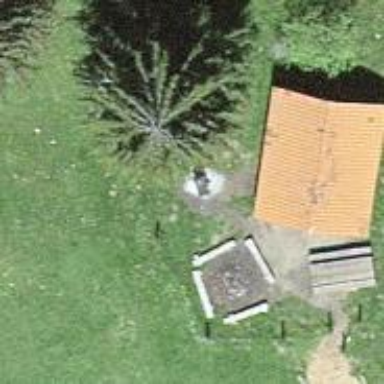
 providing place for outdoor activities."
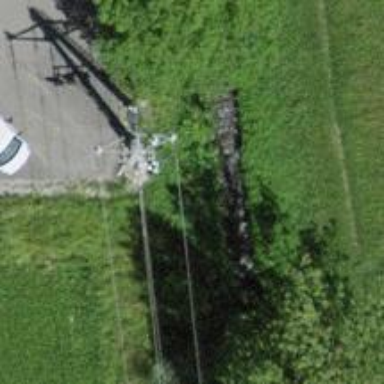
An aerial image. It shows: Power pole.
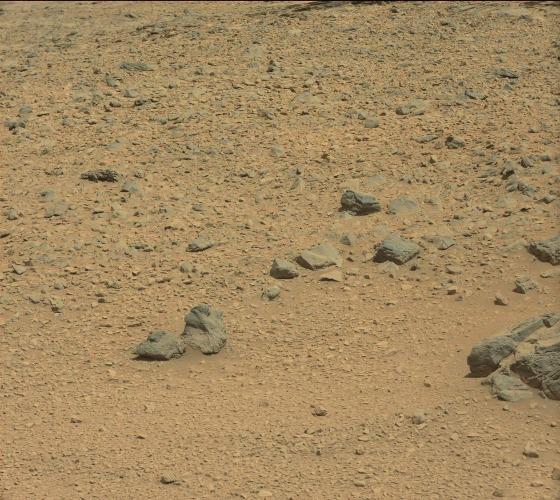
Terrain classes present: Bedrock, Gravel / Sand / Soil, Rock
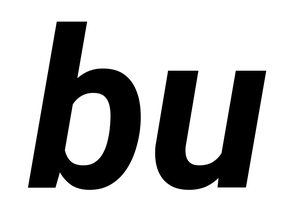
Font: Roboto-Italic_Bold_Italic
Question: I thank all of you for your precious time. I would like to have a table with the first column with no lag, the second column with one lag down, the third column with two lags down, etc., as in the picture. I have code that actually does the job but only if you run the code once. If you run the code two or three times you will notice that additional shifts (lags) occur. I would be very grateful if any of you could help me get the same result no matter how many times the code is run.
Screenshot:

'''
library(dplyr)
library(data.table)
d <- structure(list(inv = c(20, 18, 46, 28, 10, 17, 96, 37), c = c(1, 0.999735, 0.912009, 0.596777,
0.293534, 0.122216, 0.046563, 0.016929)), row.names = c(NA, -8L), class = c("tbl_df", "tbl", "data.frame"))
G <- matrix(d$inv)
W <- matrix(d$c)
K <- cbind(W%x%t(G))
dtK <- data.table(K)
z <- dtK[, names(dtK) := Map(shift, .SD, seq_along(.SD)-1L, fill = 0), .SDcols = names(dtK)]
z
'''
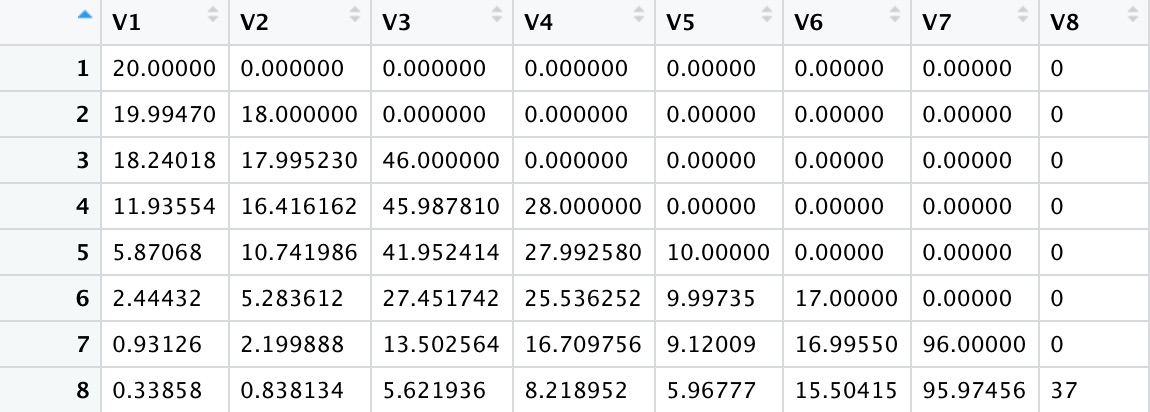
Answer: The ':=' operator assigns by reference within the 'dtK' object.
That means the original 'dtK' object is changed regardless of whether you assign it to 'z' or not.
Try running just the following and seeing what happens:
'''
dtK[, names(dtK) := Map(shift, .SD, seq_along(.SD)-1L, fill = 0), .SDcols = names(dtK)]
dtK
V1 V2 V3 V4 V5 V6 V7 V8
1: 20.00000 0.000000 0.000000 0.000000 0.00000 0.00000 0.00000 0
2: 19.99470 18.000000 0.000000 0.000000 0.00000 0.00000 0.00000 0
3: 18.24018 17.995230 46.000000 0.000000 0.00000 0.00000 0.00000 0
4: 11.93554 16.416162 45.987810 28.000000 0.00000 0.00000 0.00000 0
5: 5.87068 10.741986 41.952414 27.992580 10.00000 0.00000 0.00000 0
6: 2.44432 5.283612 27.451742 25.536252 9.99735 17.00000 0.00000 0
7: 0.93126 2.199888 13.502564 16.709756 9.12009 16.99550 96.00000 0
8: 0.33858 0.838134 5.621936 8.218952 5.96777 15.50415 95.97456 37
'''
One way out of this problem is to make a copy with 'copy':
'''
dtK <- data.table(K)
z <- copy(dtK)[, names(dtK) := Map(shift, .SD, seq_along(.SD)-1L, fill = 0), .SDcols = names(dtK)]
dtK
V1 V2 V3 V4 V5 V6 V7 V8
1: 20.00000 18.000000 46.000000 28.000000 10.00000 17.000000 96.000000 37.000000
2: 19.99470 17.995230 45.987810 27.992580 9.99735 16.995495 95.974560 36.990195
3: 18.24018 16.416162 41.952414 25.536252 9.12009 15.504153 87.552864 33.744333
4: 11.93554 10.741986 27.451742 16.709756 5.96777 10.145209 57.290592 22.080749
5: 5.87068 5.283612 13.502564 8.218952 2.93534 4.990078 28.179264 10.860758
6: 2.44432 2.199888 5.621936 3.422048 1.22216 2.077672 11.732736 4.521992
7: 0.93126 0.838134 2.141898 1.303764 0.46563 0.791571 4.470048 1.722831
8: 0.33858 0.304722 0.778734 0.474012 0.16929 0.287793 1.625184 0.626373
'''
Check out 'vignette("datatable-reference-semantics")' for more.
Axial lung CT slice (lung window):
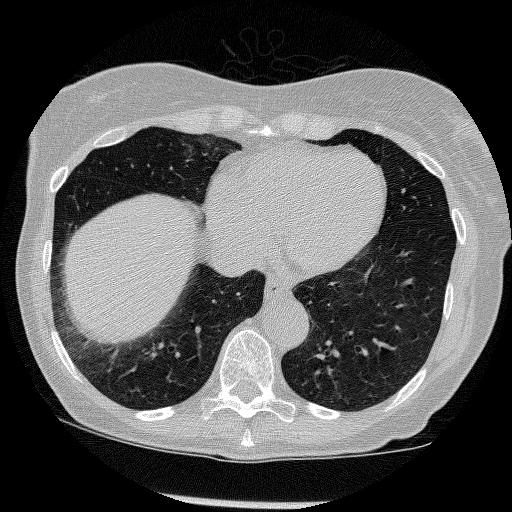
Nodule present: no
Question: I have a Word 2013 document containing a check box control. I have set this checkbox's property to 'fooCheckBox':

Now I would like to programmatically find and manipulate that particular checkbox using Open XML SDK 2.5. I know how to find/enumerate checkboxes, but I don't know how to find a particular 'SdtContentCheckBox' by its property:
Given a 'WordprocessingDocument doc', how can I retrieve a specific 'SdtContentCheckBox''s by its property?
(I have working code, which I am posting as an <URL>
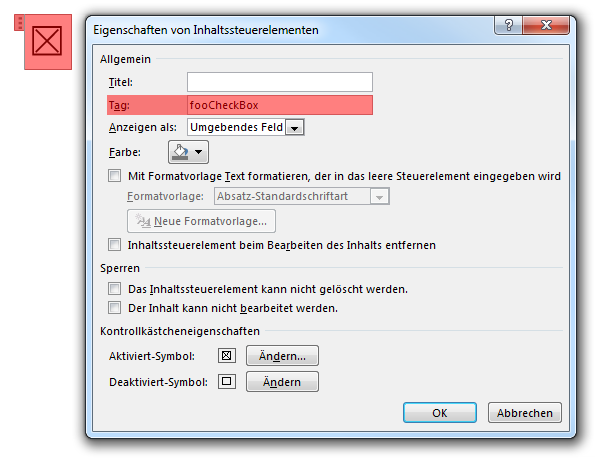
Answer: Apparently, a 'SdtContentCheckBox' object's '.Parent' property references a 'SdtProperty' collection which can be queried for a 'Tag' descendant.
I do not understand the logic behind this object modelling, but it can be used to get the job done:
'''
// using DocumentFormat.OpenXml.Packaging;
// using System.Diagnostics;
// using System.Linq;
SdtContentCheckBox TryGetCheckBoxByTag(WordprocessingDocument doc, string tag)
{
foreach (var checkBox in doc.MainDocumentPart.Document.Descendants<SdtContentCheckBox>())
{
var tagProperty = checkBox.Parent.Descendants<Tag>().FirstOrDefault();
if (tagProperty != null)
{
Debug.Assert(tagProperty.Val != null);
if (tagProperty.Val.Value == tag)
{
// a checkbox with the given tag property was found
return checkBox;
}
}
}
// no checkbox with the given tag property was found
return null;
}
'''
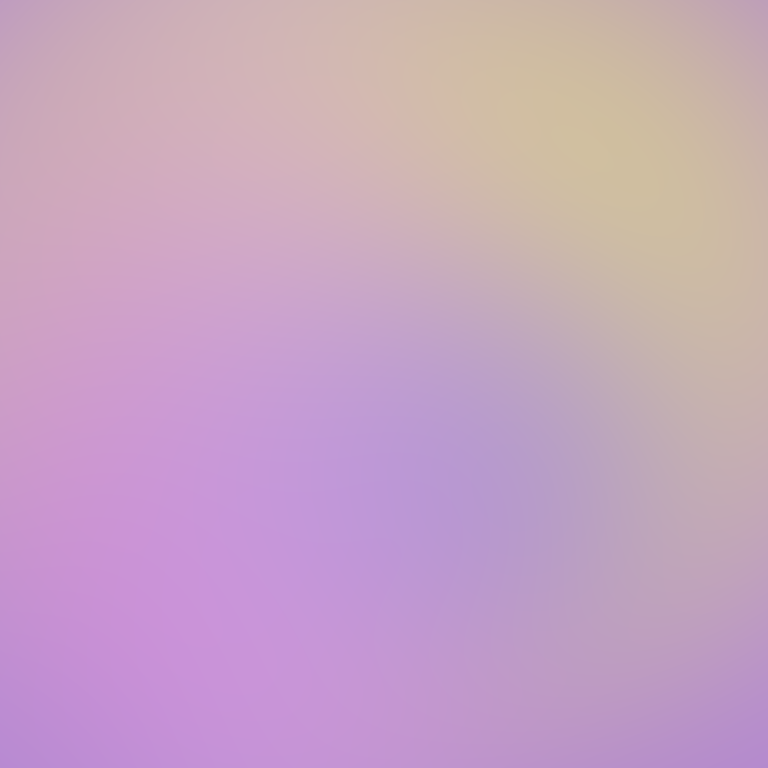
Abstract light effect, smooth gradient from soft lavender to warm beige, serene atmosphere, diffuse glow, no room, no furniture, no objects.
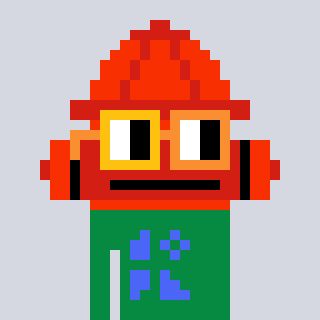
a pixel art character with square yellow and orange glasses, a fire hydrant-shaped head and a green-colored body on a cool background
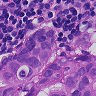
Metastatic tissue present: yes
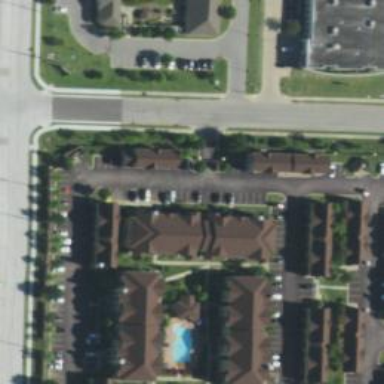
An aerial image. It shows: Living street.
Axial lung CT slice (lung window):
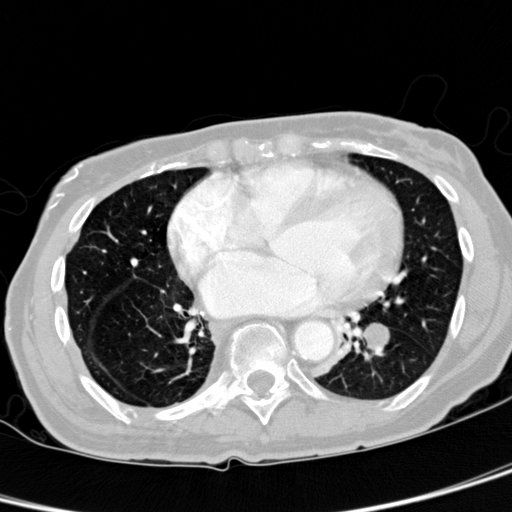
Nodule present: yes
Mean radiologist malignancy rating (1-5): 3.75
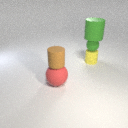
small green rubber sphere below large green rubber cylinder
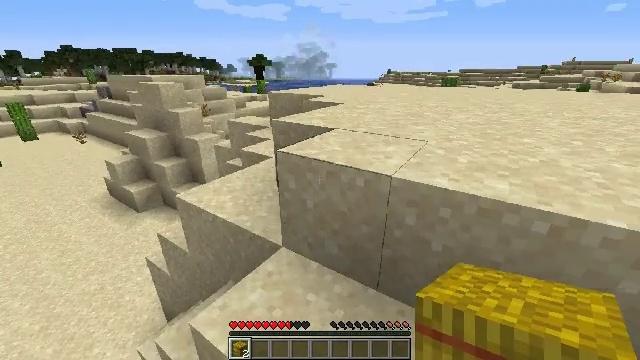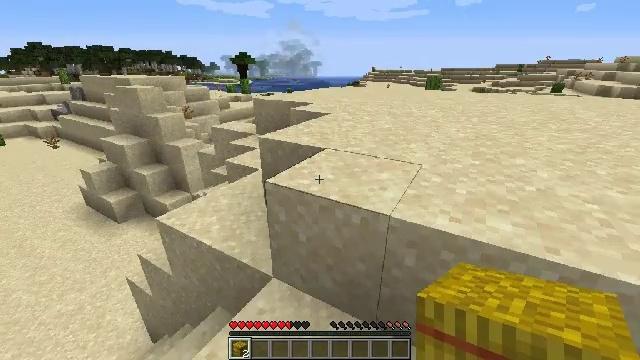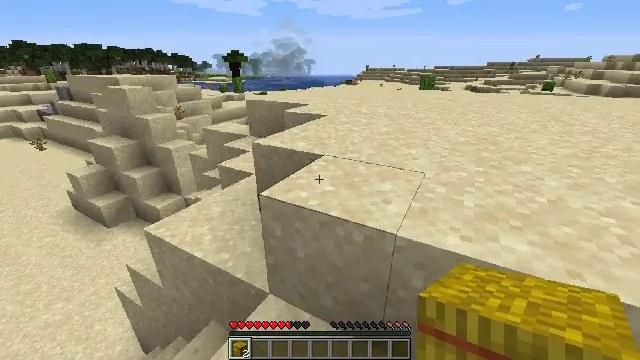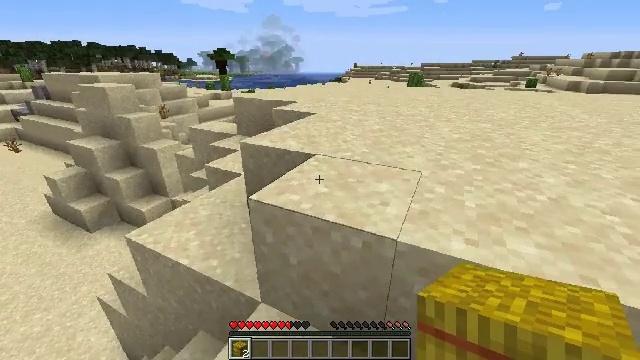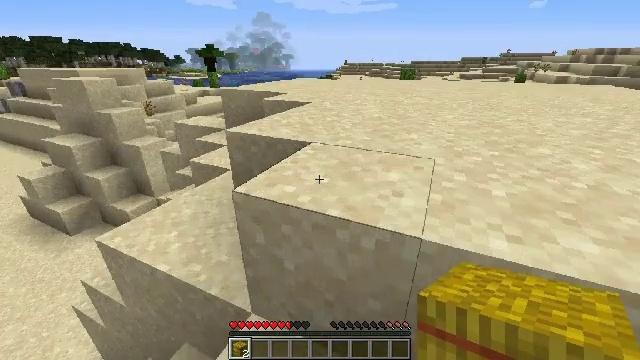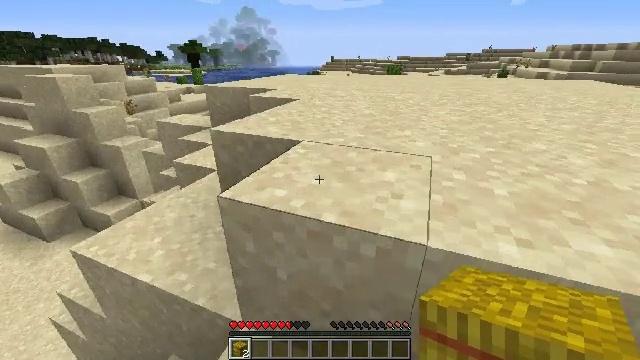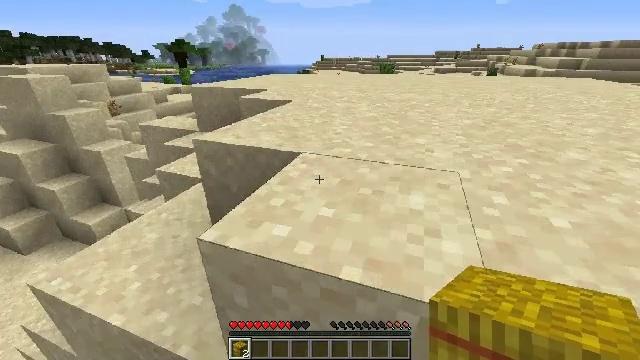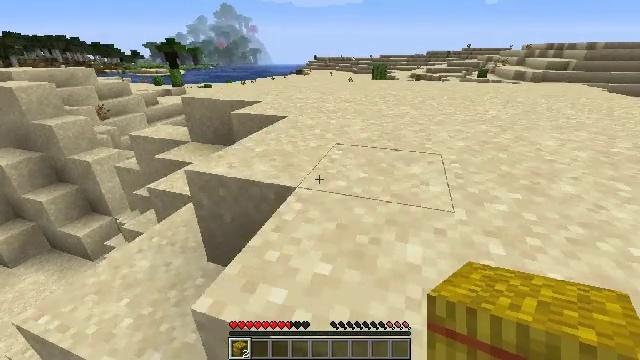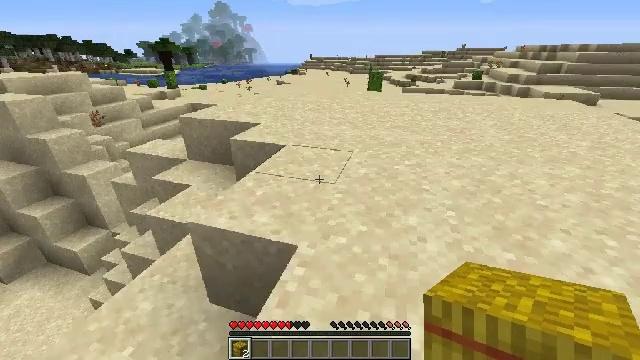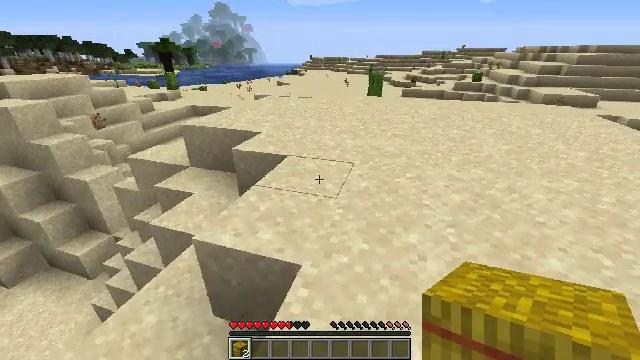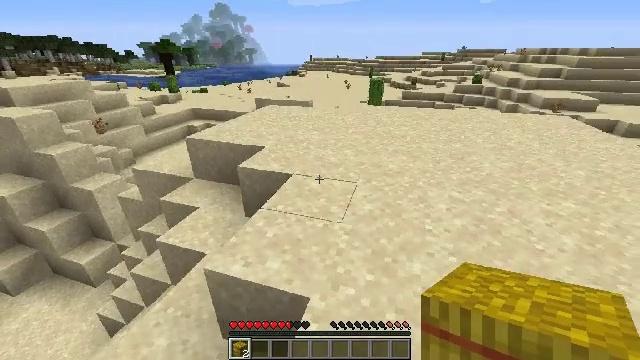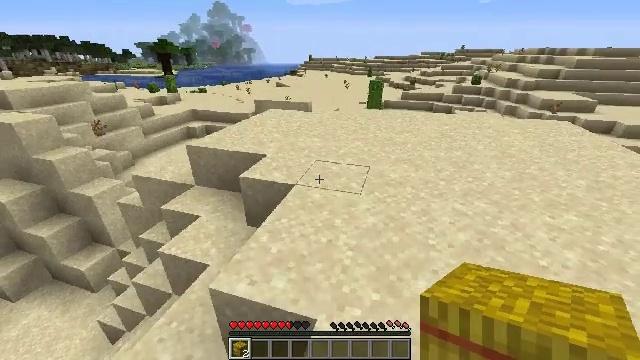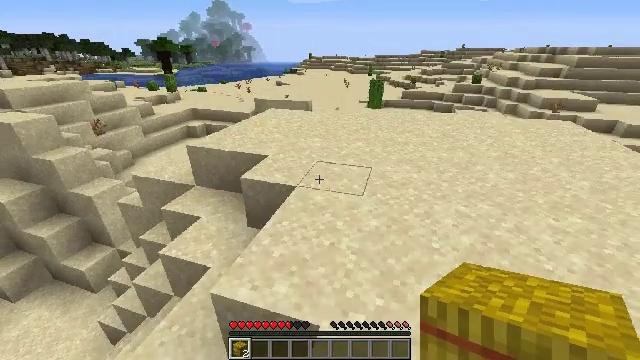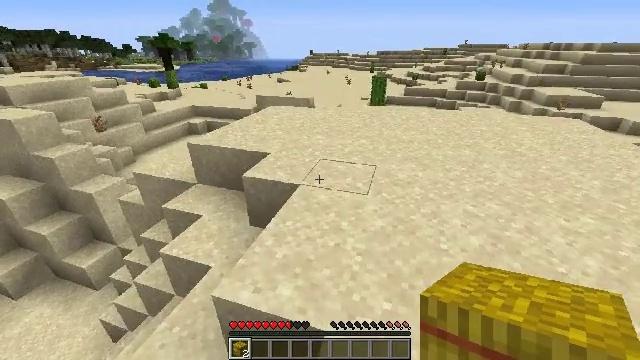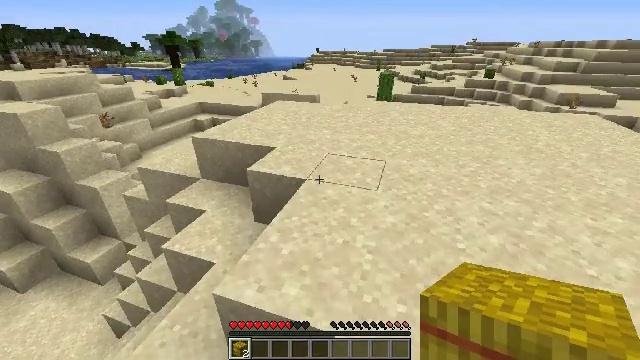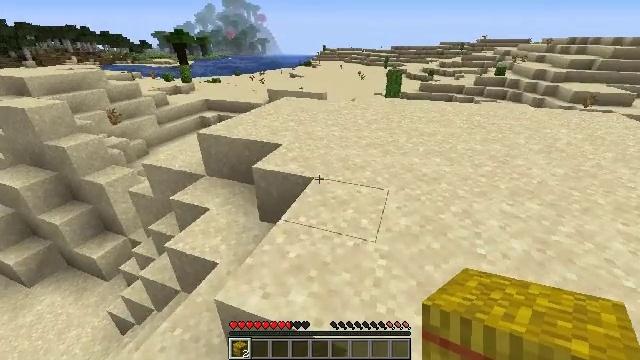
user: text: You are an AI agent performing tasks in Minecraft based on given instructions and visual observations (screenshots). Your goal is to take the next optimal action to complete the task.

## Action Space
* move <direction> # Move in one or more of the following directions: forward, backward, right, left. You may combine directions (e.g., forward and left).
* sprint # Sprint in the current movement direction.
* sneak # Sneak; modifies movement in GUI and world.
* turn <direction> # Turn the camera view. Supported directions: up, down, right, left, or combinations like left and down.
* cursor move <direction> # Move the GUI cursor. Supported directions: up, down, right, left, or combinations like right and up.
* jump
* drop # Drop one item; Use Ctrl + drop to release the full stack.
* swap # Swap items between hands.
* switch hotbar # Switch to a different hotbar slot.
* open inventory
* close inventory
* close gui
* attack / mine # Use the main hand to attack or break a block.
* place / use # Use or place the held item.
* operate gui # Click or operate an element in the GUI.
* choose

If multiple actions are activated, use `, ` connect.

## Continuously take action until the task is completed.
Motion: motion action
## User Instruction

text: Drop a hay block.
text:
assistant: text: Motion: move forward, sprint, turn right, jump
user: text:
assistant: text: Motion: move forward, sprint, turn right, jump
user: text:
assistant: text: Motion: move forward, sprint, turn right, jump
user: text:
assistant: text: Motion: move forward, sprint, turn right, jump
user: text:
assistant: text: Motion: move forward, sprint, turn right, jump
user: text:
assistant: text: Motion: move forward, sprint, turn right, jump
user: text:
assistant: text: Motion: move forward, sprint, turn right, jump
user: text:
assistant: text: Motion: move forward, sprint, jump
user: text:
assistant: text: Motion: move forward, sprint, jump
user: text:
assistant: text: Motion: move forward, sprint, jump
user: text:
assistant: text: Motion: move forward, sprint, jump
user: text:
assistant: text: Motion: move forward, sprint, jump
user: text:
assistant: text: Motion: move forward, sprint, jump
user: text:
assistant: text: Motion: move forward, sprint, turn left, jump
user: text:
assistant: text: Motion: move forward, sprint, turn left, jump
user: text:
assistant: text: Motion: move forward and move right, sprint, turn left, jump
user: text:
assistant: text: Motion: move forward and move right, sprint, turn left, jump
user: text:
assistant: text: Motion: move forward and move right, sprint, turn left, jump
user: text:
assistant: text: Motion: move forward and move right, sprint, turn left, jump
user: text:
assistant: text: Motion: move forward and move right, sprint, jump
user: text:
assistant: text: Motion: move forward and move right, sprint, jump
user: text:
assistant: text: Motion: move forward and move right, sprint, jump
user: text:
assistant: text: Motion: move forward and move right, sprint, jump
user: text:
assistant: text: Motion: move forward and move right, sprint, jump
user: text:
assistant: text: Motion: move forward and move right, sprint, jump
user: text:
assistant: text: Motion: move forward and move right, sprint, jump
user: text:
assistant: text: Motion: move forward and move right, sprint, jump
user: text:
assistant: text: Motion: move forward, sprint, jump
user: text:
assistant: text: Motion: move forward, sprint, jump
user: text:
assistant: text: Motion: move forward, sprint, jump

::::::

# Work request:
The expected result is every line above containing the string "take".

# Result for this task:
user: text: You are an AI agent performing tasks in Minecraft based on given instructions and visual observations (screenshots). Your goal is to take the next optimal action to complete the task.
## Continuously take action until the task is completed.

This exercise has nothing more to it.